Settling in The Comunity
I think it took both me and the members of the community sometime to adjust to me living with Mfuwe Village. I was the first white person actually to reside within the community on a long term basis. I quickly learnt that living in a rural community is slightly different than what I was used to.
My house was situated on the outskirts of the only senior school in the area, the only other two houses were for the Head Teacher and Deputy Head Teacher and their families however it was the ‘hub’ of the community and surrounded by a number of small villages separated from each other by bush where at night the local wildlife - small, furry and cute to large furry and dangerous to massive, grey and big ears ventured. Walking at night was not advisable!
My little house was basic but comfortable and my boss and her husband who ran the Charity I was working had made it as homely as possible for a UK Rookie like me!
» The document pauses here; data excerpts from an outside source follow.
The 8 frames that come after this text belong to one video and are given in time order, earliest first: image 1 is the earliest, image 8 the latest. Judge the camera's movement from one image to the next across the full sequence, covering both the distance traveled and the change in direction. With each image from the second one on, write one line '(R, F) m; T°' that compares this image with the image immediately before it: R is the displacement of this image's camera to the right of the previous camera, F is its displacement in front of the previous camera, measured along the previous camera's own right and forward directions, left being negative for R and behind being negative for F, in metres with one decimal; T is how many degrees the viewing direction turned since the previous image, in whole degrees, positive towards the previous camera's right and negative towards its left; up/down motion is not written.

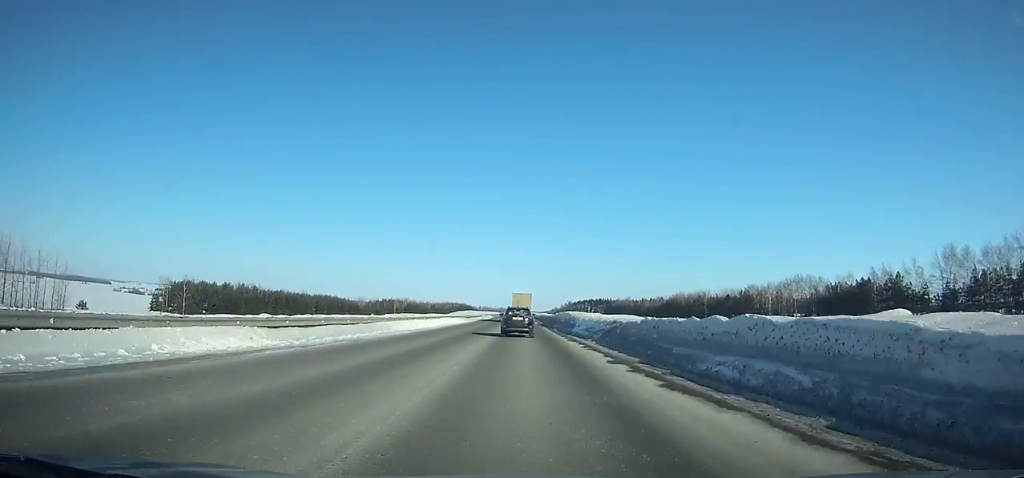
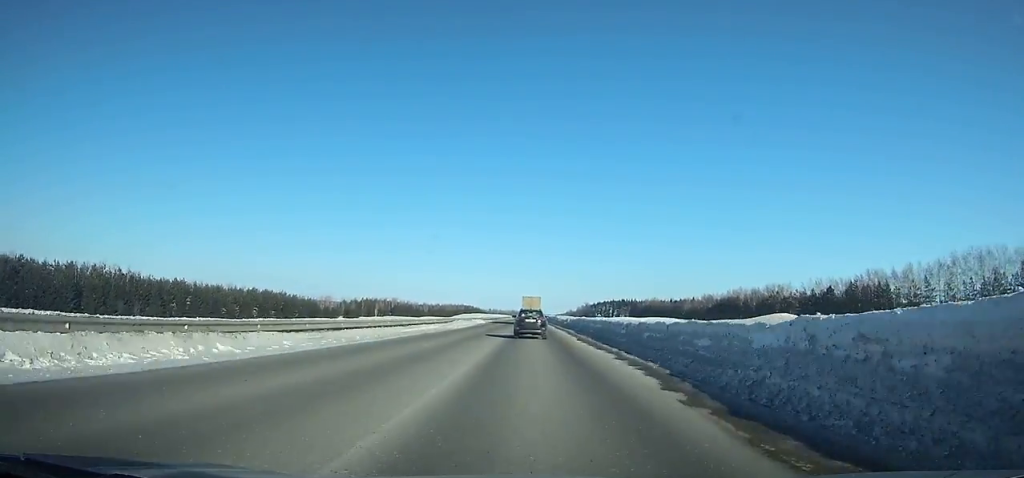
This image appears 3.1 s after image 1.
(-0.6, +65.9) m; -1°
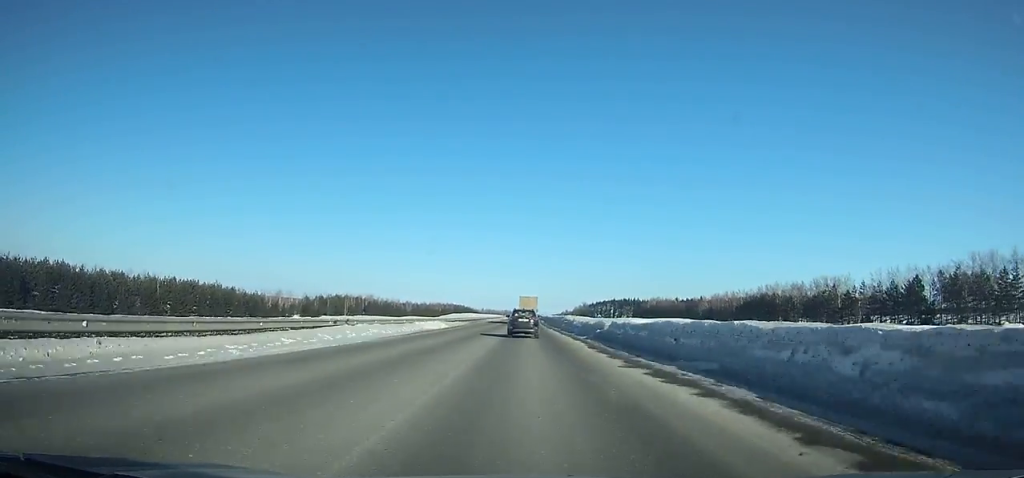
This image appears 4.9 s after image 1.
(-0.1, +38.3) m; 0°
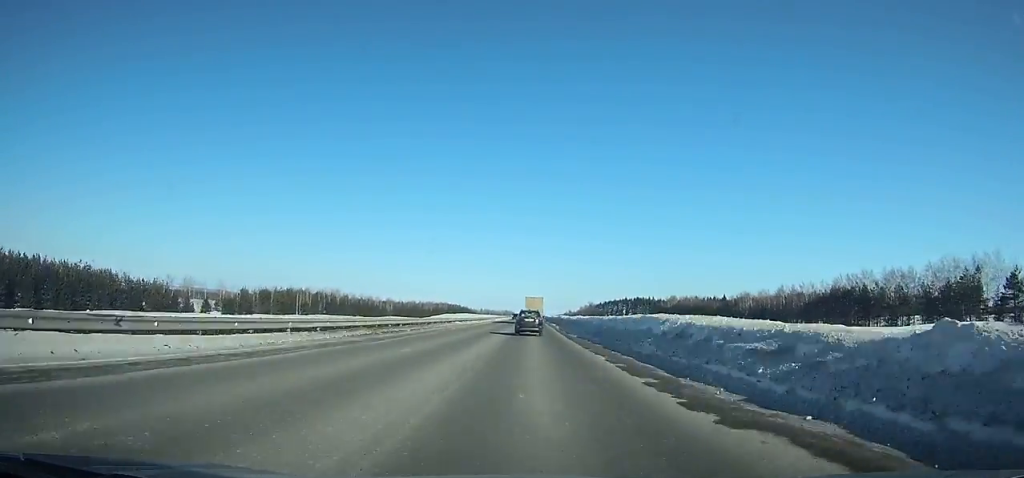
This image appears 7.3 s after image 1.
(0.0, +52.2) m; 0°
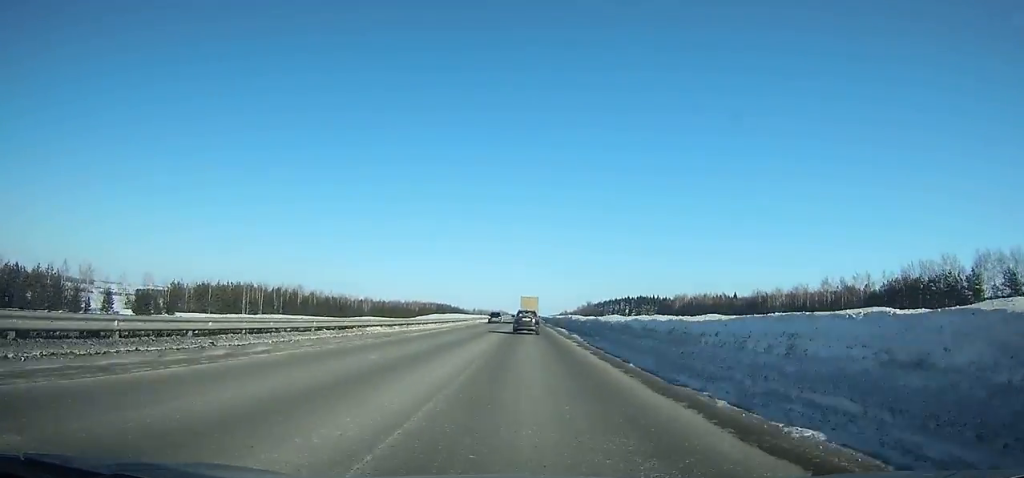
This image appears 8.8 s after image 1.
(+0.1, +34.3) m; 0°
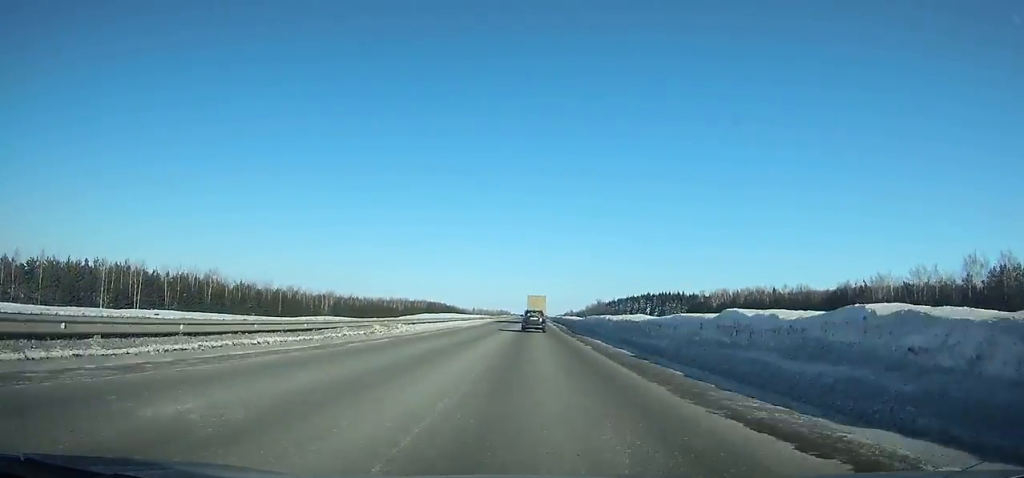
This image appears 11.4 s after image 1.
(+0.1, +60.0) m; 0°
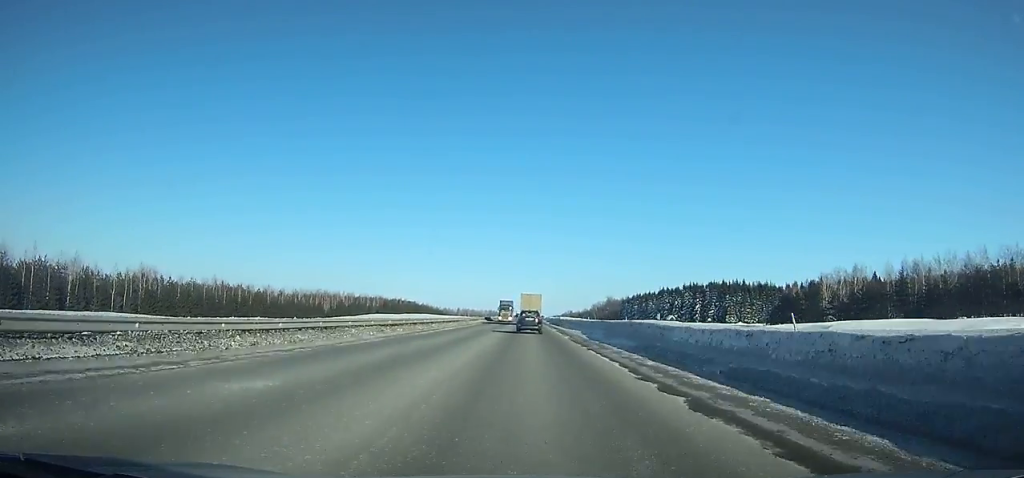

Electric? Yes, but unpredictable especially in the early years and you got to be grateful for even just a spark! Sometime it was out for maintenance all weekend. I began to understand that living basically was the way to go as if you rely on any technology you just got disappointed.
Water? Yes – but a lot of work was involved to get it to run out of the tap and that was courtesy of my Housekeeper. It was expected that a white person was to have a housekeeper and after a bit of resistance I realised I relied on her not just for keeping my house clean but to translate for me on a regular basis, keeping up informed of customs so I did not offend anyone with too short clothing or not greeting someone in the correct way. she became a good friend and we always started the day with a cup of tea.
One of my amazing housekeeper’s jobs was to fetch water that filled up the oil drum that was effectively my water tank. Thing was the tank was suspended on a water tower only accessible by a ladder. It has to be high In order to give it pressure to flow through the taps and shower. It took her 8 trips a day to go to the borehole fetch water, climb the ladder to fill the drum. This did not sit well with me and I started rationing my water as I felt so bad about this labour intensive activity. In a day to day life of 90% of the female population in the area did this everyday and Ednis was a lucky one as she was employed so she was happy. It got some getting used to though. Each time I took a shower and I needed a lot in order to cool down I felt that every drop was another step for her.
I had and electric cooker, fridge/ freezer and that was about it. It was a basic and comfortable house and over time I realised that all of the paraphernalia I had back in the UK I did not really miss.
Being bought up in a typical British way I assumed that my little house and the surrounding area of garden would be private meaning that only myself would be there and whoever I invited. That was not the case and quickly I learnt that walking around in underwear or less was probably not a good idea unless I had my curtains shut as 9 times out of 10 there would be at least one little pair of hands and a head of a child peering in through the window! It took me a long time to get used to the fact that whatever I did I shared it with the community.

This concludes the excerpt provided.